Vous vous voyez toujours avec les membres du groupe ?
C’est très difficile, de temps en temps sur Skype, mais nous ne sommes pas tous du même pays. Les voyages sont impossibles et nous avons des musiciens venant de la Grèce à la Moldavie jusqu’à New York…
Il ne s’agit pas seulement de musique
Tu es dans la musique depuis plus de quinze ans maintenant. Tu as beaucoup de scènes à ton actif : quel est ton meilleur souvenir de concert ?
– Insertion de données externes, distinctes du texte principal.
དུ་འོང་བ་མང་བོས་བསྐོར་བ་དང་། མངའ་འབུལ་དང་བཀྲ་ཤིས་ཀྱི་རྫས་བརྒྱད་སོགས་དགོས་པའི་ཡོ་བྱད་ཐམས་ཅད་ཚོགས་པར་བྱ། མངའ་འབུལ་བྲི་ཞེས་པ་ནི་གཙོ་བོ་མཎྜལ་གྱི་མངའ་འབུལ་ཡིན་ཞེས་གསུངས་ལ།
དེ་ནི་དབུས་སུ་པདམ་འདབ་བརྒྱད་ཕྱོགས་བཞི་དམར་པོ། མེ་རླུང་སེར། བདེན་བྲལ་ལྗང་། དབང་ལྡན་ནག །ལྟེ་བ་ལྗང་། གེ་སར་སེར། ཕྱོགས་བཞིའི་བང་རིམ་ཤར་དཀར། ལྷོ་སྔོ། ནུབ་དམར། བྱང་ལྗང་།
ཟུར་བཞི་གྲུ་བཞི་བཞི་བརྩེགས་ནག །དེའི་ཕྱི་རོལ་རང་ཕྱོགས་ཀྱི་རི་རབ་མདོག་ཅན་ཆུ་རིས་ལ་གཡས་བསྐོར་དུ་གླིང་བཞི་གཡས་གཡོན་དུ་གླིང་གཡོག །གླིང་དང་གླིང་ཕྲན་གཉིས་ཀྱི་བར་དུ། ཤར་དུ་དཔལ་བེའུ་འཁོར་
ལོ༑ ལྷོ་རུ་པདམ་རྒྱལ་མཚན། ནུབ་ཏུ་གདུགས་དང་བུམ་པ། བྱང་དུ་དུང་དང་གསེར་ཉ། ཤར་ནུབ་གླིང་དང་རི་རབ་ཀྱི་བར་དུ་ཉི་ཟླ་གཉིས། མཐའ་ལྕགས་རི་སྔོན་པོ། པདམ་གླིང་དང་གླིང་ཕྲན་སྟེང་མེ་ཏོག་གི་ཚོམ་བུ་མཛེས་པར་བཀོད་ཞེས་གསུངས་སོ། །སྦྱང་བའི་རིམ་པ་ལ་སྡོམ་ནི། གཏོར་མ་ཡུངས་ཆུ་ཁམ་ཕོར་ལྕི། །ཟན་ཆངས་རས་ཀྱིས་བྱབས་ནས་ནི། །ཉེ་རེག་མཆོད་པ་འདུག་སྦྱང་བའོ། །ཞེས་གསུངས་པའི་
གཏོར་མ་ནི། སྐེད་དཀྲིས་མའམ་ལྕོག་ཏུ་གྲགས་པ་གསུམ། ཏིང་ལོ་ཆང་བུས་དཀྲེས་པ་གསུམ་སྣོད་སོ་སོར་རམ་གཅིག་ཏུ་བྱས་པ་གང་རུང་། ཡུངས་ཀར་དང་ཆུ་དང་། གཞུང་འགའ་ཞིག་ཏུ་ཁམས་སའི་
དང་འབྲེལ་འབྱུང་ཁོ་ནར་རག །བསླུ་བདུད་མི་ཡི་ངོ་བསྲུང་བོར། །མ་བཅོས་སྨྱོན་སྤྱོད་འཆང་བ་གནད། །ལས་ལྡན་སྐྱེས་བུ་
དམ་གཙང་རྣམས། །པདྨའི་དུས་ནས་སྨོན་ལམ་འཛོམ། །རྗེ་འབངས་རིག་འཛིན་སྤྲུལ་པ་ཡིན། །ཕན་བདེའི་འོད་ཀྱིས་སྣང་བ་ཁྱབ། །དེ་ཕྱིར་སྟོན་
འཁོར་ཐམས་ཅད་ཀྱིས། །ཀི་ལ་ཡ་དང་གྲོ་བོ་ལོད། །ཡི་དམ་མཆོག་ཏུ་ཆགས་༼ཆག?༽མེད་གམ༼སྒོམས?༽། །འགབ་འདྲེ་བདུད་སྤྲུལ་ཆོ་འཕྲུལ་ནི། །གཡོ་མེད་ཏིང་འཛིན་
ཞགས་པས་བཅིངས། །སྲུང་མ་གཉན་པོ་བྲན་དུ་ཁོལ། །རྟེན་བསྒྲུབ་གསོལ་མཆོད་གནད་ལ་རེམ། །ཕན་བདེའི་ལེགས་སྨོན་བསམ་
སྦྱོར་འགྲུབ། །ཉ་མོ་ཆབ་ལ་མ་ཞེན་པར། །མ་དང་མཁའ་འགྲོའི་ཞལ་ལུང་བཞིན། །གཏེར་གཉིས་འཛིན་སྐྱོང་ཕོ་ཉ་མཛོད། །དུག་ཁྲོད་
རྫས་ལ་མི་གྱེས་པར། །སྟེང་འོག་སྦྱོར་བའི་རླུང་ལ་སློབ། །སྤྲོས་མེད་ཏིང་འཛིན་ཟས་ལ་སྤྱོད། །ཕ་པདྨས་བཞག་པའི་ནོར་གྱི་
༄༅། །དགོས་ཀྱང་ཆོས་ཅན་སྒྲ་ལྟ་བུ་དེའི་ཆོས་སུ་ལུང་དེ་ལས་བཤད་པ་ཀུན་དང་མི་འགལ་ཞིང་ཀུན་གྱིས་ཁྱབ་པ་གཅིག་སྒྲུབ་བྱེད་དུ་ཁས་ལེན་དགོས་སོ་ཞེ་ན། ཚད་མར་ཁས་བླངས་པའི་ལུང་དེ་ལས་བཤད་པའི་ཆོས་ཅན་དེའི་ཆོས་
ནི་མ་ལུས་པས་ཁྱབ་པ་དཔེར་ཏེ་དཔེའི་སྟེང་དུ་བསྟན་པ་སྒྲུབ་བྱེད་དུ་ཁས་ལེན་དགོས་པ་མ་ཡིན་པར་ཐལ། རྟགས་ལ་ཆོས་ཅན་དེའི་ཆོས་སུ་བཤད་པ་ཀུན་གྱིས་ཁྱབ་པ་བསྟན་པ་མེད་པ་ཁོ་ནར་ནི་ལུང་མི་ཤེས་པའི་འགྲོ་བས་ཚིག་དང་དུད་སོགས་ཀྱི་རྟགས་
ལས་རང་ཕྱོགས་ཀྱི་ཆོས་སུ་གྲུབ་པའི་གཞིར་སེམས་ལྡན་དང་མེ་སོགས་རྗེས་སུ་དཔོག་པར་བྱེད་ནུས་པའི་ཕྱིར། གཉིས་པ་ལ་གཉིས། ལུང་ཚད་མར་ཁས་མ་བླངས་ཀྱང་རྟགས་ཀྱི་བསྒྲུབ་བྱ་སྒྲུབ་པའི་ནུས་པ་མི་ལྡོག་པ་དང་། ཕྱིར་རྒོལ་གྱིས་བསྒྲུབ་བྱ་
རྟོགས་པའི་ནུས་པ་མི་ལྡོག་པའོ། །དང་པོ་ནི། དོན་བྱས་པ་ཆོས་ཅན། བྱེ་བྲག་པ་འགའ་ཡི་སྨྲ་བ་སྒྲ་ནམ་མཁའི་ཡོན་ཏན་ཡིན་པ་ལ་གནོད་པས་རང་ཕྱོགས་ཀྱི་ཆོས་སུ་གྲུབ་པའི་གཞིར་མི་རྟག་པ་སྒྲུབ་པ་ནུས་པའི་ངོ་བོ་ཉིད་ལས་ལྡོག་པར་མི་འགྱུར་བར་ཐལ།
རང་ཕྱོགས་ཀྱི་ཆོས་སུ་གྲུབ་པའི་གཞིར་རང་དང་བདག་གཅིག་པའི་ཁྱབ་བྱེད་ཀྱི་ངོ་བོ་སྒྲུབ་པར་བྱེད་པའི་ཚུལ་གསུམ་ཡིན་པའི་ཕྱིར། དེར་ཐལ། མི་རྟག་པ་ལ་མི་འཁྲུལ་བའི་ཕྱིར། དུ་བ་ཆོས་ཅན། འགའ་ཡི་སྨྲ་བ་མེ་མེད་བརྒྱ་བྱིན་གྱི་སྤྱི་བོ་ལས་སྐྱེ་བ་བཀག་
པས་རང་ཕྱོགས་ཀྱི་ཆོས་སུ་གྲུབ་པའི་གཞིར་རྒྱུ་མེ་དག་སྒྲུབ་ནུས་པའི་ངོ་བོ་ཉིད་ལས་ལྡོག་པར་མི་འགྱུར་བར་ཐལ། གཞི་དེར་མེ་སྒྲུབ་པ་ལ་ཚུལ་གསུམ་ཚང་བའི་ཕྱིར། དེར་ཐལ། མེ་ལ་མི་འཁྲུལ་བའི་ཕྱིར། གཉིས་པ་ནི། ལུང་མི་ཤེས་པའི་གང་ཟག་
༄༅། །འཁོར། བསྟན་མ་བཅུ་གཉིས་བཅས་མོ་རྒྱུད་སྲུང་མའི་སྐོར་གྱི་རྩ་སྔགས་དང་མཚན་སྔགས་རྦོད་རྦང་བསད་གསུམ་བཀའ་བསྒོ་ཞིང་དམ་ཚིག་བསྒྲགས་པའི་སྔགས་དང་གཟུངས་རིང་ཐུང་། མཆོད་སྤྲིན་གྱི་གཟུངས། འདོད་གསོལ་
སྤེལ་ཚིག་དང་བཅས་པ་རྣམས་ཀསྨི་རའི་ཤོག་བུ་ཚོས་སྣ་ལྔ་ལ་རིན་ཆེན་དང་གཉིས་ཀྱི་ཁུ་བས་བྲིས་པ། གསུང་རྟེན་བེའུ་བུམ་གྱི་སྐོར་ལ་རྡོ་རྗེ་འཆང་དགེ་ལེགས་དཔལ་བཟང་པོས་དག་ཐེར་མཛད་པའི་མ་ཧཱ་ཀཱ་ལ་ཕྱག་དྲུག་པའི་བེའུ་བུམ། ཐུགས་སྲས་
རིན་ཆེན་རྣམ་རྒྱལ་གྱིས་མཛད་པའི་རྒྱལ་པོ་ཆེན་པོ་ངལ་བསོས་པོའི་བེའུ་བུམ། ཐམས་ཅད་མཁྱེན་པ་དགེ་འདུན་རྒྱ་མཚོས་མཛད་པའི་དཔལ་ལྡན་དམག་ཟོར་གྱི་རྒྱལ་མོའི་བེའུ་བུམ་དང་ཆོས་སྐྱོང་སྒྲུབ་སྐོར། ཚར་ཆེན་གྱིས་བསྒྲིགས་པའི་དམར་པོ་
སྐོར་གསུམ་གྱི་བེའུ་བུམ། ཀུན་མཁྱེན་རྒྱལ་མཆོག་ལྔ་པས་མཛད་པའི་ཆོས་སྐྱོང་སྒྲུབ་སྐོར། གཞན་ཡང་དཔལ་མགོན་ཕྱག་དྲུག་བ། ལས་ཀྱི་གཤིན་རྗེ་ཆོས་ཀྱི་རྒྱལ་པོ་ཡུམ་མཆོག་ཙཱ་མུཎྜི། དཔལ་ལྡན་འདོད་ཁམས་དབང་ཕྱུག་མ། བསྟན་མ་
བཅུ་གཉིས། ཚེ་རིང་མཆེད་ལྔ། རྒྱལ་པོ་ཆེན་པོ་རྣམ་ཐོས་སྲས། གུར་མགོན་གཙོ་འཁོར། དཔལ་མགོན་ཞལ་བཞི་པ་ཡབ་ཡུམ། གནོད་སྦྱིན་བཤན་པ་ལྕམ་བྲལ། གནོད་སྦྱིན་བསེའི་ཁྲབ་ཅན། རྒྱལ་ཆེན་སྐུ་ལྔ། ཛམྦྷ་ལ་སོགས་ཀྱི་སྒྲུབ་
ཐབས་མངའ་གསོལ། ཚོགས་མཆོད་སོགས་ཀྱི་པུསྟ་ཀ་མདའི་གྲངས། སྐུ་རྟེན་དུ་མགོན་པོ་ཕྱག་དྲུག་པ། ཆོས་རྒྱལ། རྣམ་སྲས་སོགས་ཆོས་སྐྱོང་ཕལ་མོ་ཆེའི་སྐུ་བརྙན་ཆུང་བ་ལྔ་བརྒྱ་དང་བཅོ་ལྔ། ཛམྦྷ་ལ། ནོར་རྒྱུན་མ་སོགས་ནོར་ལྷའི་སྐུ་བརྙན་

Il y en a beaucoup, mais je me souviens d’une scène en France, à la Fête de l’Humanité. C’était bouleversant car nous avons joué devant plus de cent mille personnes ! Quand tu vois tant de personnes en même temps, à tel point que tu n’en vois la fin, c’est une certaine forme d’énergie ! Je ne suis pas sûr que cela se reproduira mais c’était assez impressionnant.
As-tu déjà préparé un concert pour Voodoo Sonic pour les prochains mois, je l’espère, ou même pour un futur plus lointain ?
Oui je travaille déjà sur quelques morceaux à jouer en live dans notre nouveau spectacle. Au moins, avec la situation actuelle, j’ai vraiment le temps de le travailler et de le préparer au mieux.
Pour finir, que pouvons-nous te souhaiter pour la suite ?
Et bien, que la créativité ne s’arrête pas ! Que nous ouvrions à nouveau les frontières et que nous puissions retourner sur scène ! De mon point de vue, c’est l’une des choses les plus importantes !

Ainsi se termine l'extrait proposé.